Restate the entries below exactly, and keep all images out of the answer.
========
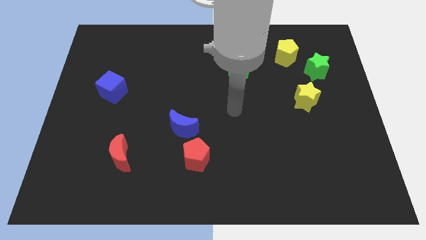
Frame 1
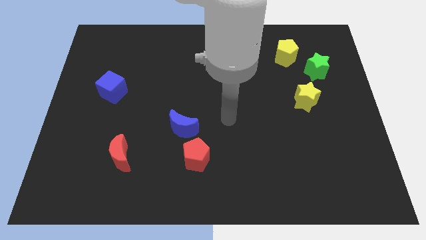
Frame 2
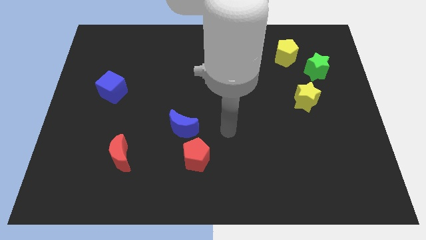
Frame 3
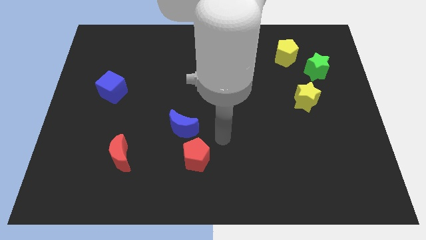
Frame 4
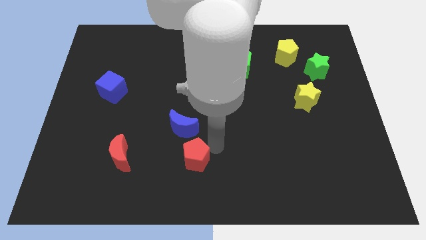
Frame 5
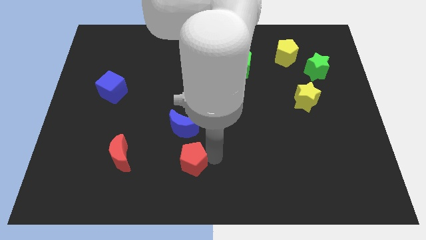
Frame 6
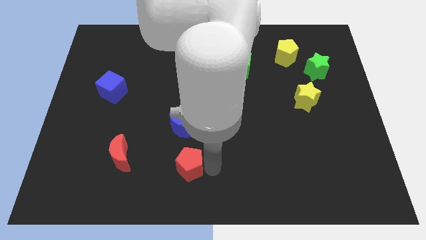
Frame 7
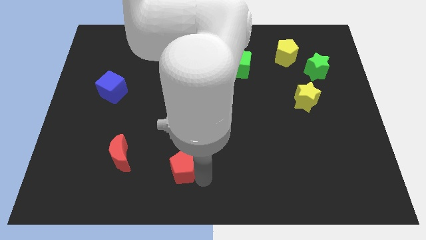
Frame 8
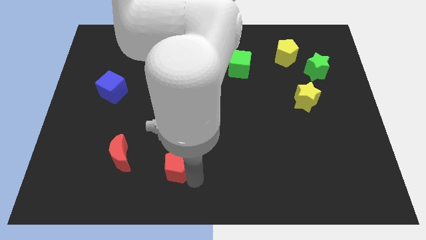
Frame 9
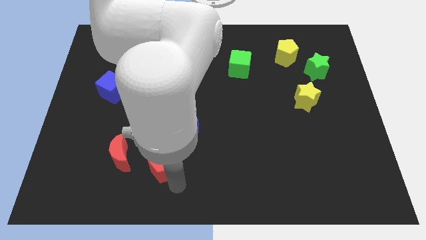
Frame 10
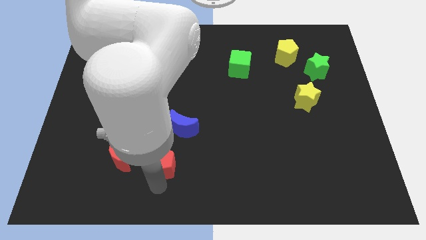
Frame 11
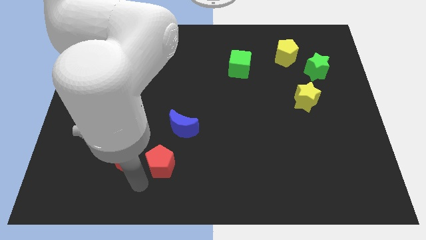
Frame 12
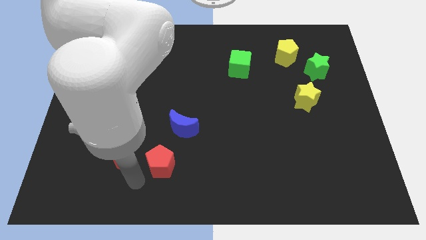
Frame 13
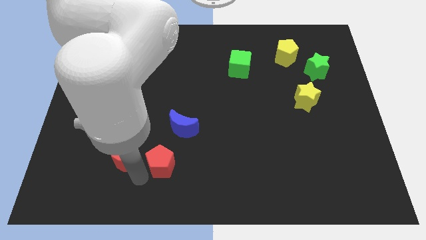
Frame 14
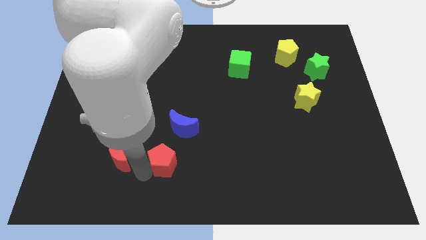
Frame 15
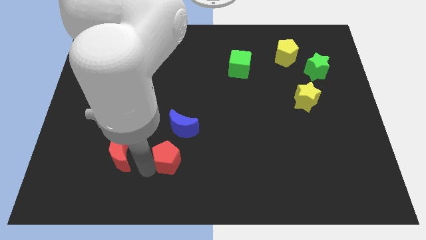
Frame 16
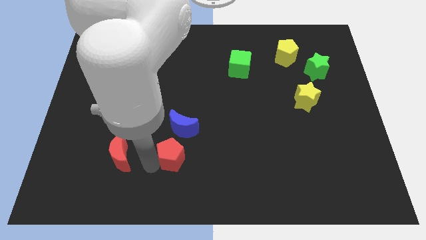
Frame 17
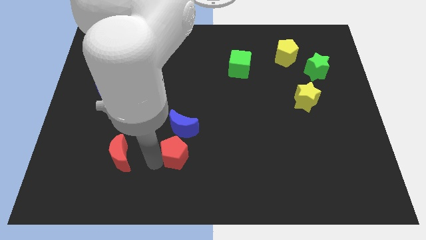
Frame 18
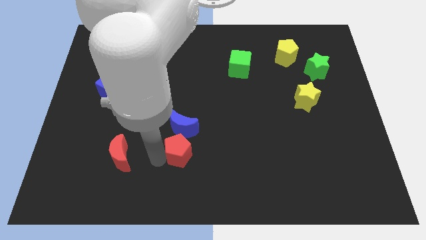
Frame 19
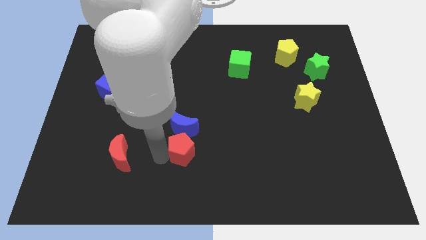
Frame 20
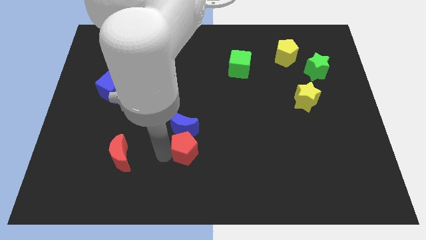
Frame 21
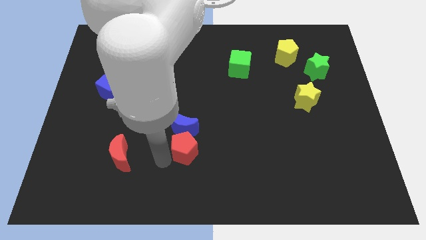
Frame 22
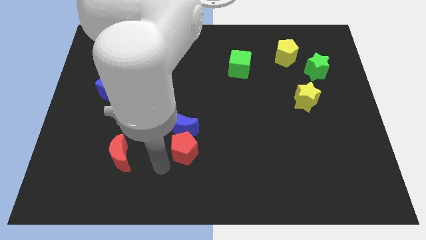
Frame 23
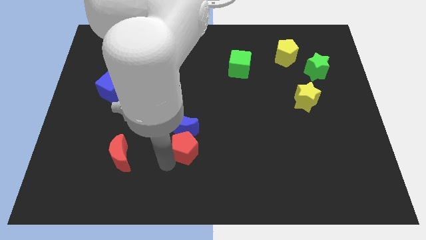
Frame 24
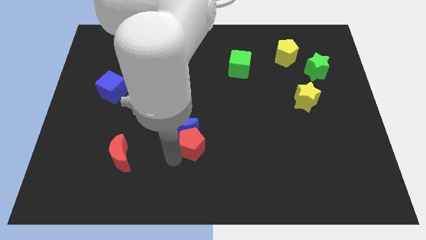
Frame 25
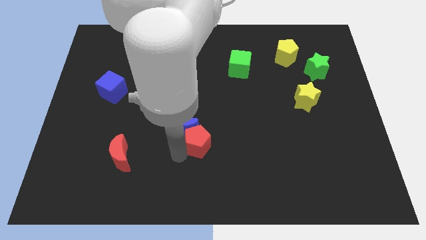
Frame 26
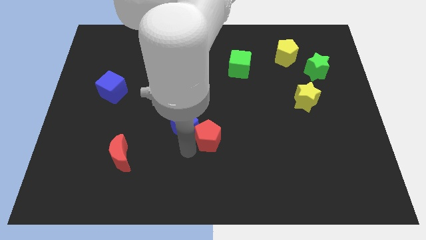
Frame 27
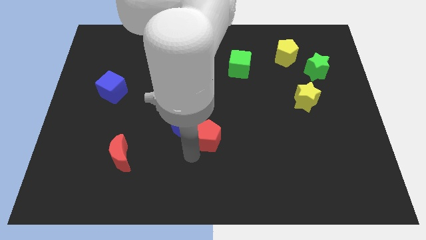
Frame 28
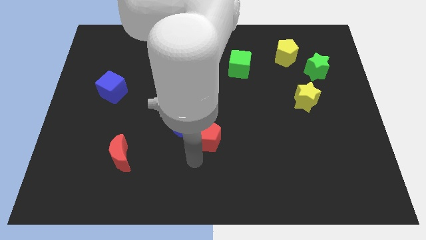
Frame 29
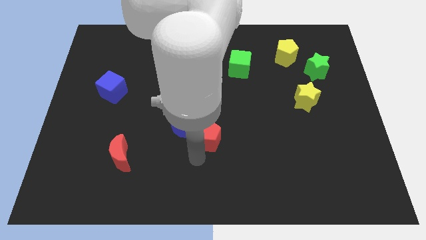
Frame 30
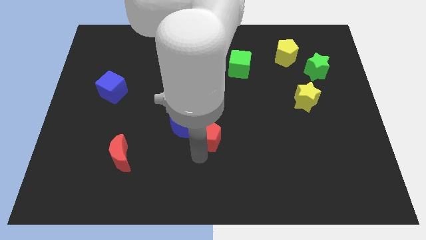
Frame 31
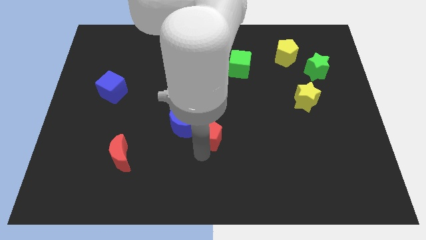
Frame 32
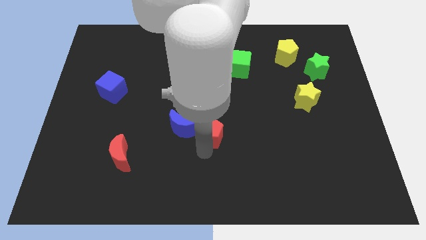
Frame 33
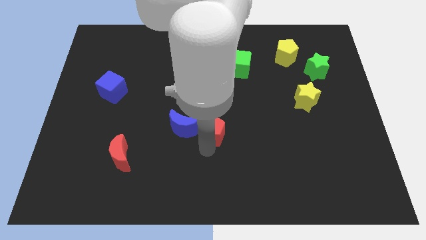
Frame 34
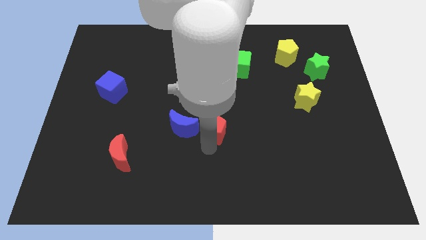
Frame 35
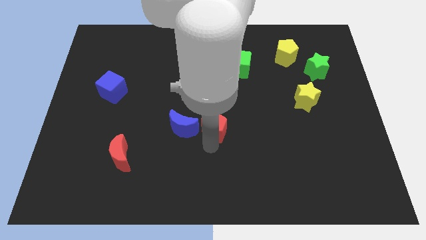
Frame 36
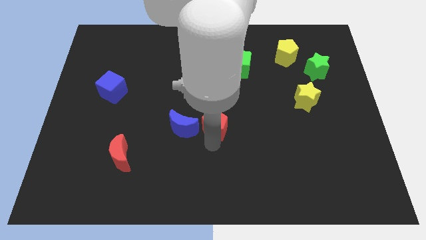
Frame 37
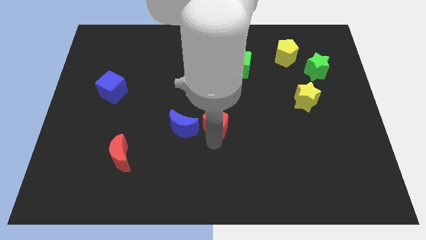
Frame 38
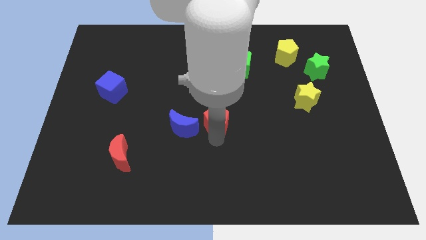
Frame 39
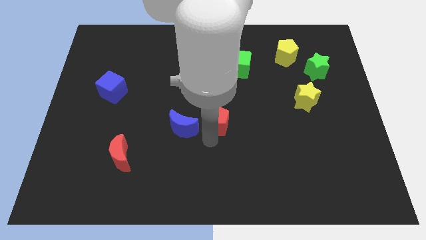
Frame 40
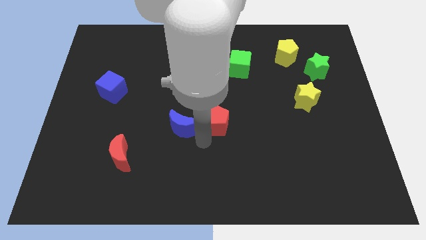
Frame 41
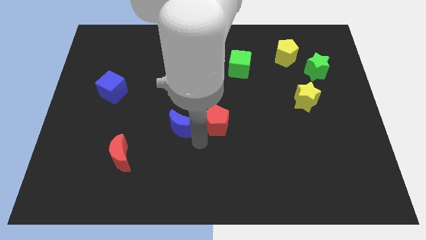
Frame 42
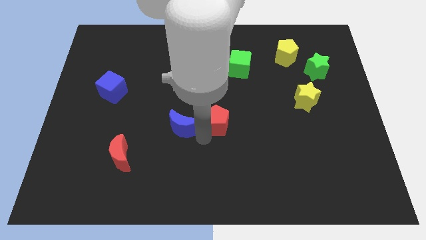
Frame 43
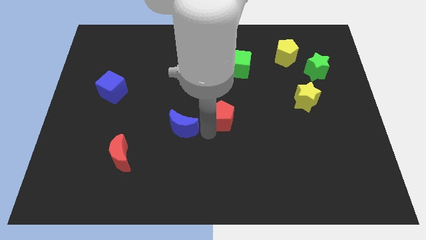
========
• Expected output:
Frame 1
Frame 2
Frame 3
Frame 4
Frame 5
Frame 6
Frame 7
Frame 8
Frame 9
Frame 10
Frame 11
Frame 12
Frame 13
Frame 14
Frame 15
Frame 16
Frame 17
Frame 18
Frame 19
Frame 20
Frame 21
Frame 22
Frame 23
Frame 24
Frame 25
Frame 26
Frame 27
Frame 28
Frame 29
Frame 30
Frame 31
Frame 32
Frame 33
Frame 34
Frame 35
Frame 36
Frame 37
Frame 38
Frame 39
Frame 40
Frame 41
Frame 42
Frame 43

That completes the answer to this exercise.